The first stage of such a partnership would be to undertake a stock take and audit across each service and local authority, to rationalise where possible so that the number of contracts/product lines/services are minimised and co-ordinated. For example, rationalising photocopier usage in one authority saved a fortune, I’m told, and is now being adopted by a hospital’s management. (At the primary school where I’m a governor and have taken on the Premises Committee, I’ve just discovered that it has 12 different contracts for all maintenance/security/safety. How ridiculous is that?)
This preliminary work would form the basis of a business plan to maximise savings, without sacrificing quality.

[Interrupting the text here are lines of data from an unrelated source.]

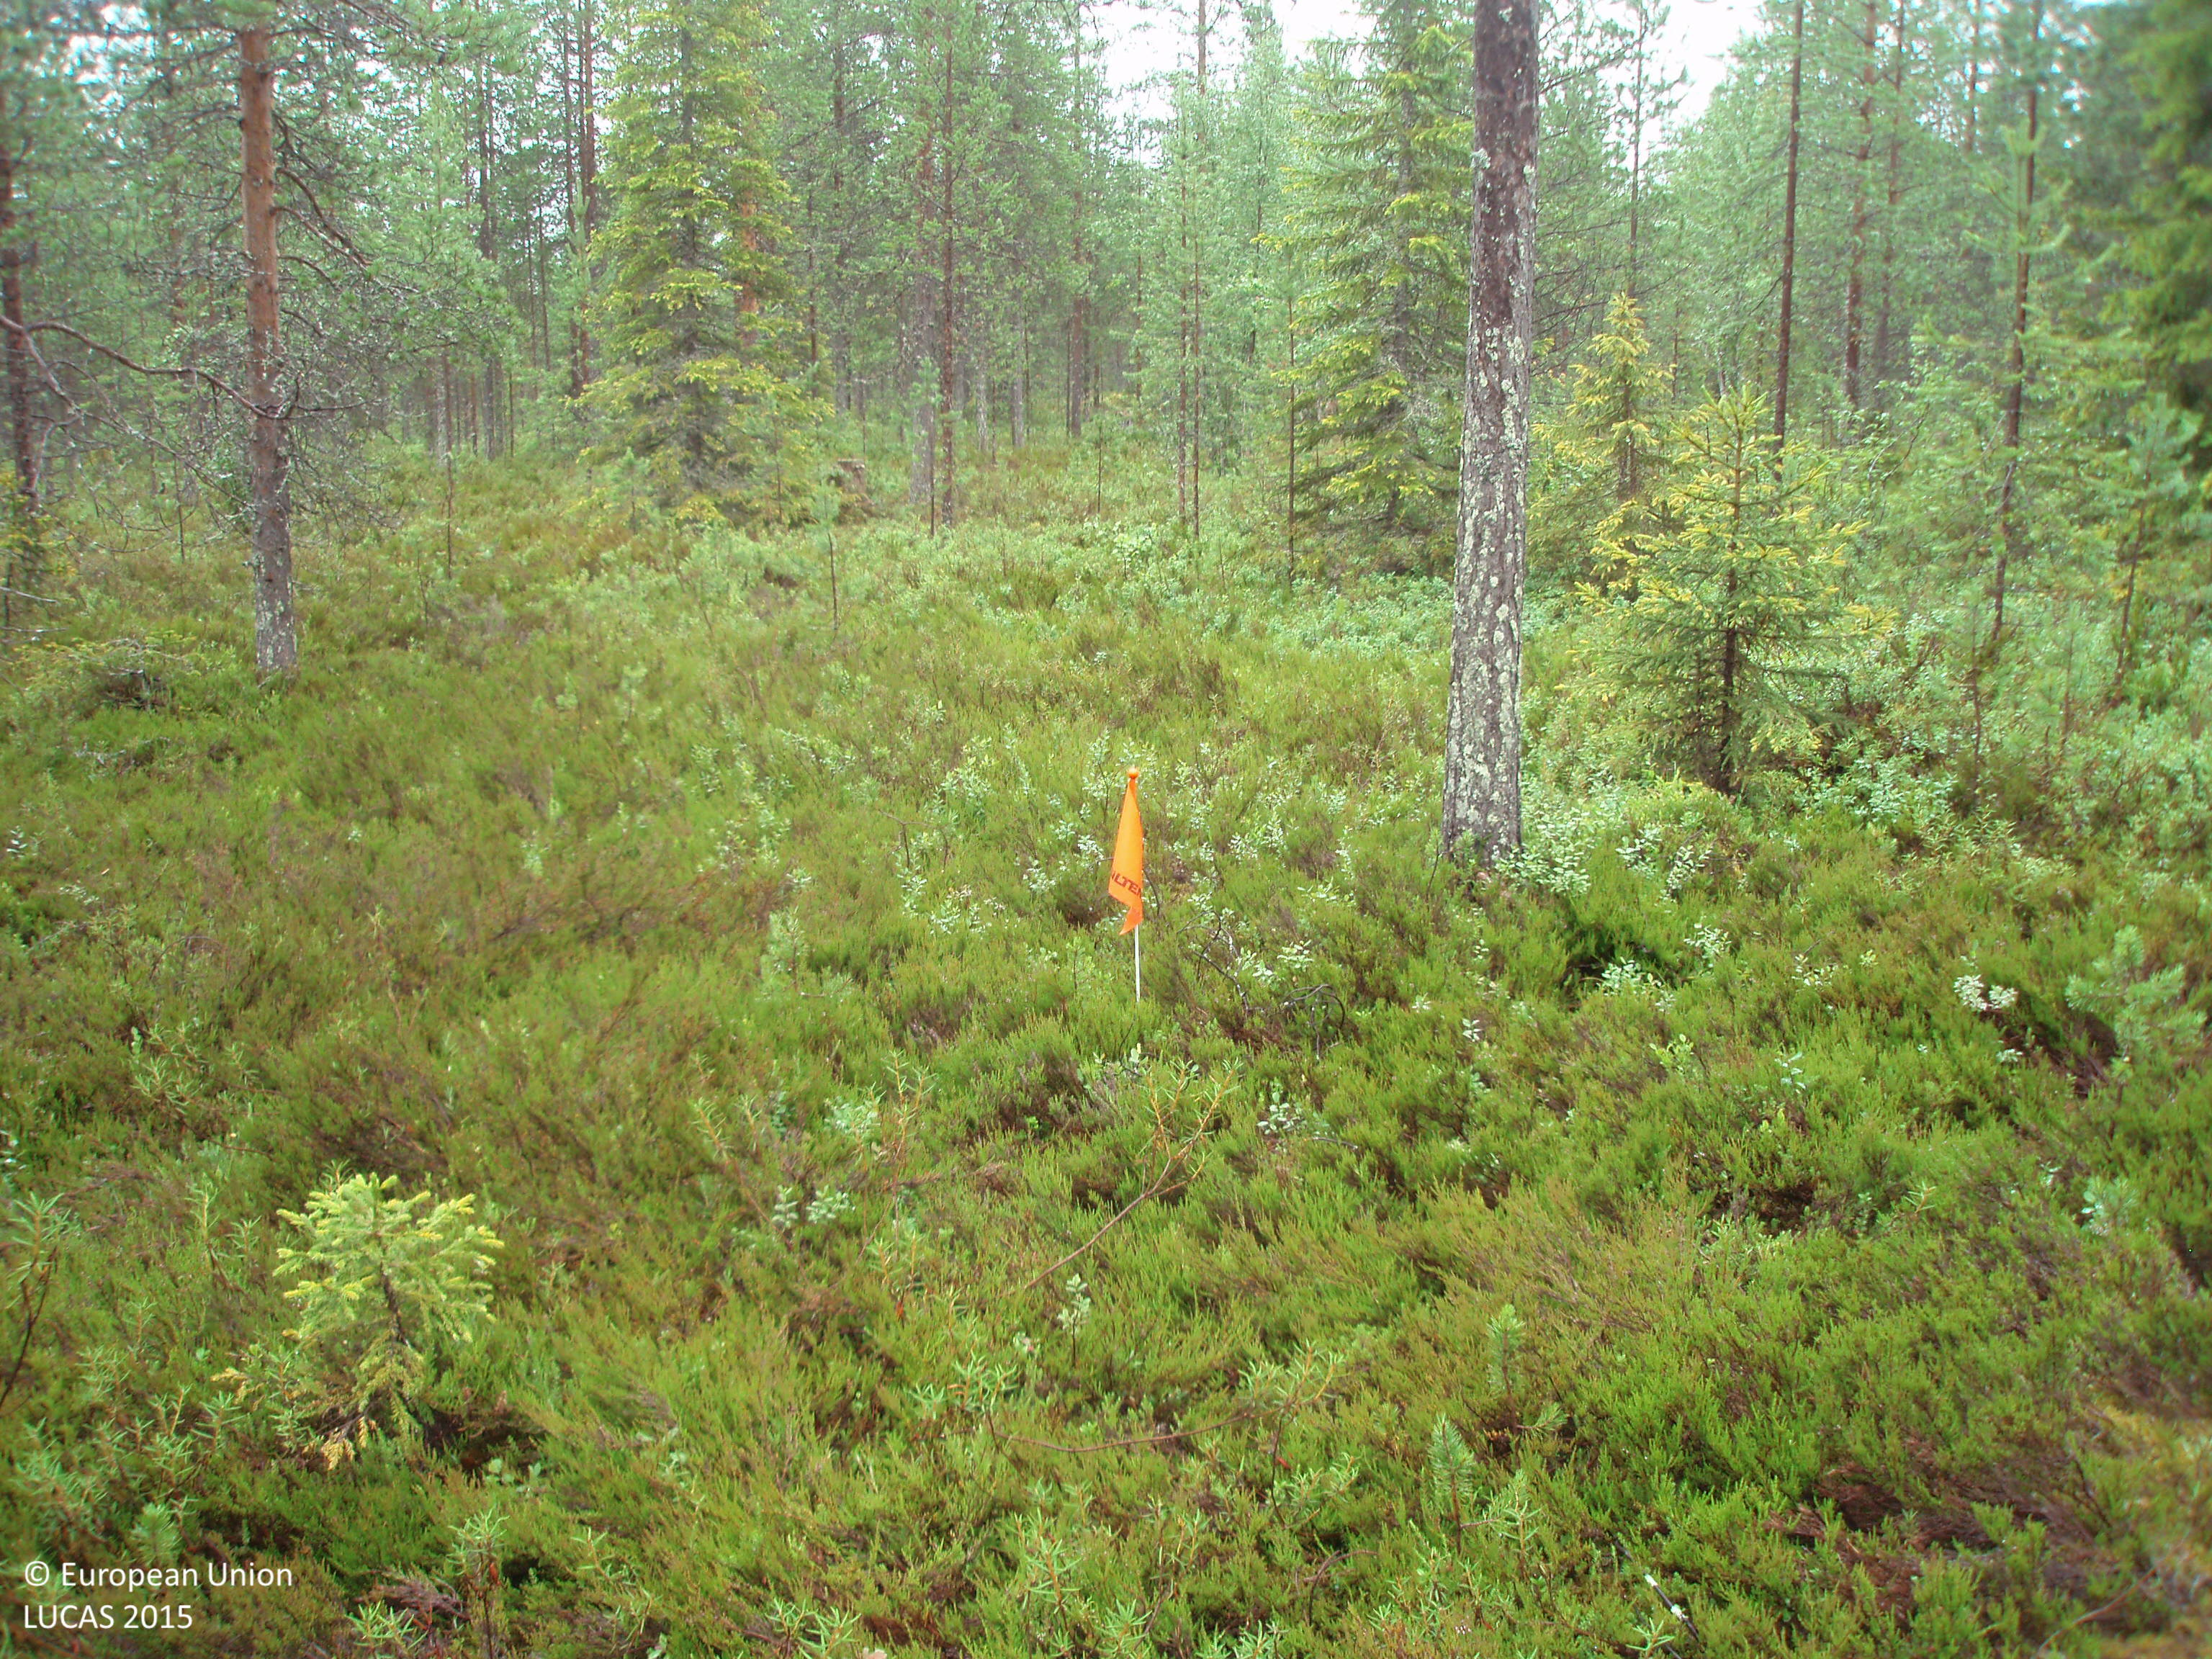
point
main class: Woodland
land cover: Pine dominated coniferous woodland
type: boreal forest
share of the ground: 25 - 50 %
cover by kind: shrubs 60 %, coniferous forest trees 40 %
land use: Forestry
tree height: > 5 m
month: August
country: FI
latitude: 65.5795
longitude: 27.4466

With phased implementation over, say, a couple of years, the structure would force greater service integration, ridding us of the silo mentality which still dominates in many areas, stunting change and allowing continued duplication.
Rather than creating another monolith, each procurement company would emulate the private sector by operating as a series of specialist cost centres, with tight financial controls monitored by the LEP.
Key to its success would be the management. Ideally, the company should be chaired by an independent businessperson with a strong track record running a multi-million pound business. They should not be from the public sector because a fresh, open-minded approach is essential.
As part of the project, some skilled staff could be pooled, allowing them to move around the region to meet demand in the various sectors during holidays, maternity leave and emergencies etc, saving on agency fees – one of the biggest costs to the NHS. Other central services could be incorporated: legal, financial, HR, and project management.
There could also be further moves towards integrated waste management across council boundaries, property management and grounds maintenance, sharing car pools (abolishing expensive mileage claims on private vehicles) and communications (just adding up the numbers employed in colleges, councils and the NHS in a single region is enough to give a normal person apoplexy; what on earth do they all do?)
We could learn a lot from those councils which have successfully amalgamated their top management, cutting costs and rationalising their property estates, whilst improving efficiency. Blue light services (fire and police) in Suffolk are sharing resources, and that model could be adopted elsewhere.
The opportunities are endless, and there is no reason why the various organisations would lose their sense of identity, although in some cases that would be no bad thing; changing a dysfunctional culture starts at the top.